If you can figure out how many "cells" were in the selenium rectifier, then you can figure out what the voltage drop should have been. Roughly 0.9 - 1v per "cell". If you want similar characteristics, you can add a 5W or 10W resistor in series with the diode to affect the same voltage drop and some amount of current limiting.

Better, if you can find out what the B+ "should" be, work to that. Since it's also likely that mains voltages have increased, you can factor that in at the same time.

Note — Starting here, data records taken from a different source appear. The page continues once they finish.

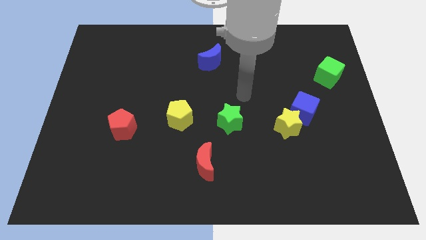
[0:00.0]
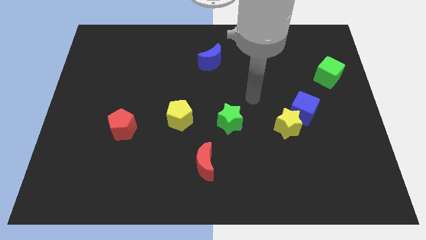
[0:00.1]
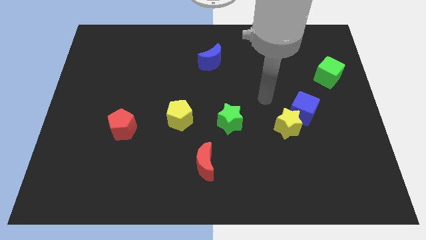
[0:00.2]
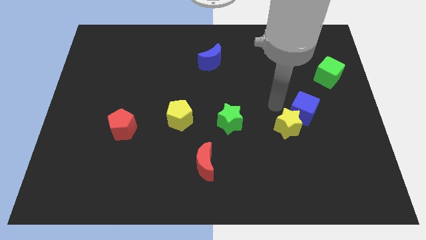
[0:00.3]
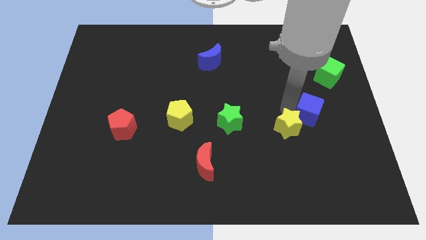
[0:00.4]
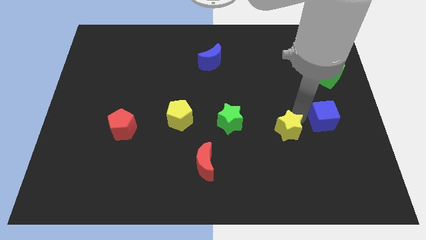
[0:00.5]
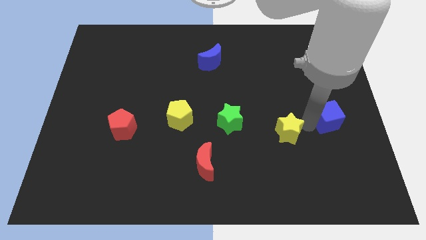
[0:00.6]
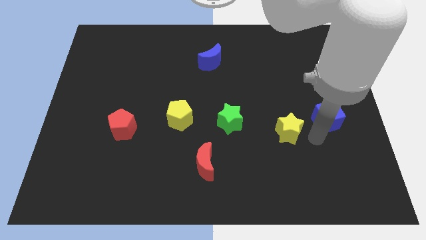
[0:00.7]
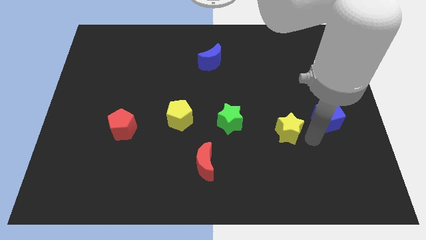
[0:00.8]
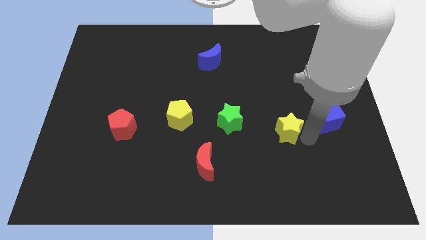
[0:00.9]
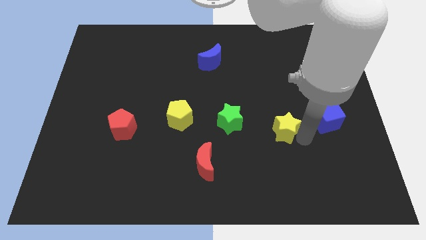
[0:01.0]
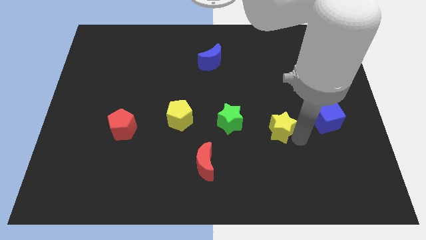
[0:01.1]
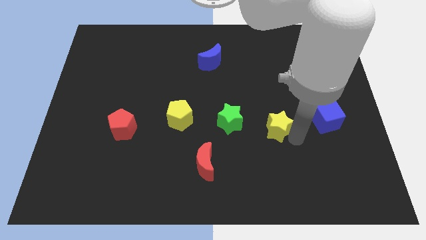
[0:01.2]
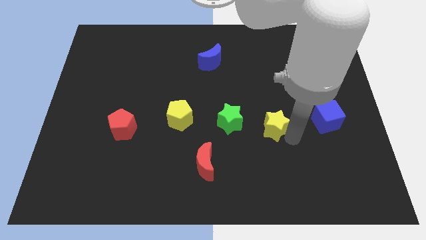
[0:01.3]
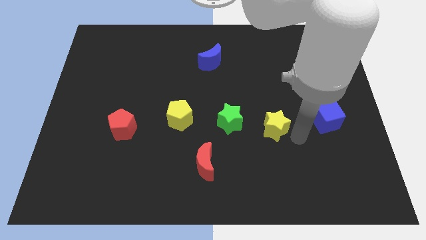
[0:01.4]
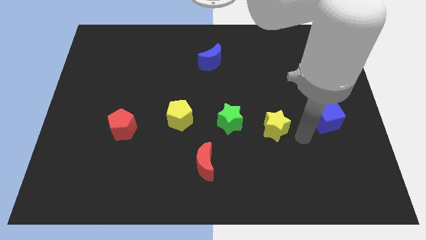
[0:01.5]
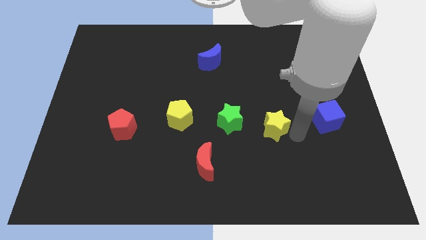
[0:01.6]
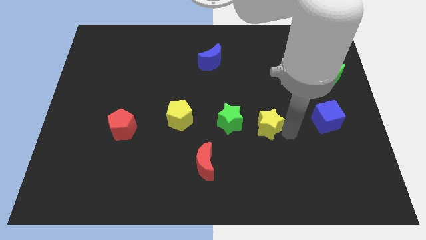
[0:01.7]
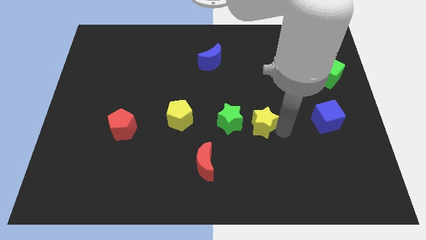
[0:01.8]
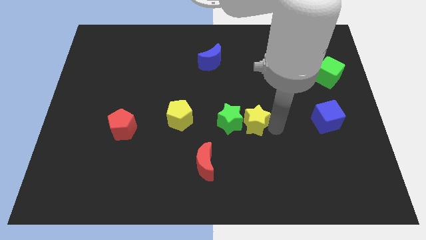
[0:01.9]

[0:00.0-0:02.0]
push the yellow star to the green star

All that said - if it's high by 5-10% - it is probably not going to cause a huge problem, provided you can set bias correctly.
 
I should add. 1v/cell is at low current. If the amp loads it quite a bit, you'll want to factor in the series resistance too, somewhere 100-200 ohms and as you surmise likely increases as the device ages. Should get you close to the mark if you can't find service data.
 
What a beauty!
345 VoltsDC is a very good choice of B+ for type EL84's. You're fortunate that the amp has a 240 VAC primary, pretty close to current line voltage in the UK, IIRC. In America, amps of this era were made for considerably lower line voltages than we see these days.


You doubtless already know how to deal with ancient power supply electrolytic caps and to check the coupling caps feeding the output valve grids, for current leakage.


Although I get a lot of push-back, I always recommend folks convert the ubiquitous common cathode resistors in the output stages to separate, individual resistors and bypass caps for each valve. Use a big cap, 470uF or 1000uF if it'll fit.


YOS,
Chris
 
I agree with the favorable assessment of the piece. :up:

15 WPC from PP EL84s, for 30 W. total, is very reasonable. OTOH, 30 WPC is utter nonsense. Rules and regulations regarding amplifier power claims were tightened up, after that beauty was built.
 
What a beauty!
345 VoltsDC is a very good choice of B+ for type EL84's. You're fortunate that the amp has a 240 VAC primary, pretty close to current line voltage in the UK, IIRC. In America, amps of this era were made for considerably lower line voltages than we see these days.
Chris

Strangely although the given voltages are 110/240 the voltage selector is marked at 110/130/145/220/245

selector.jpg
 
That's a lot, didn't know selenium rectifiers were that inefficient. Did you also experiment with adding a series resistor for each diode? May be that will be more effective in smoothen the PS noise than a (larger) single resistor after the rectifier. Won't look original then 😉
 
What voltage do you measure at the EL84 anodes? They will have a short life at anything over 340 volts in fixed bias...
You could measure the total current draw if you measure the voltage drop across the 50Ω
resistor from the rectifier (eg by Ohms law, 8 volts would equate to 160mA and so on.)
From that you can guestimate the dissipation of each EL84 and try and keep it below 14 Watts each... some EL84s are not as good as others.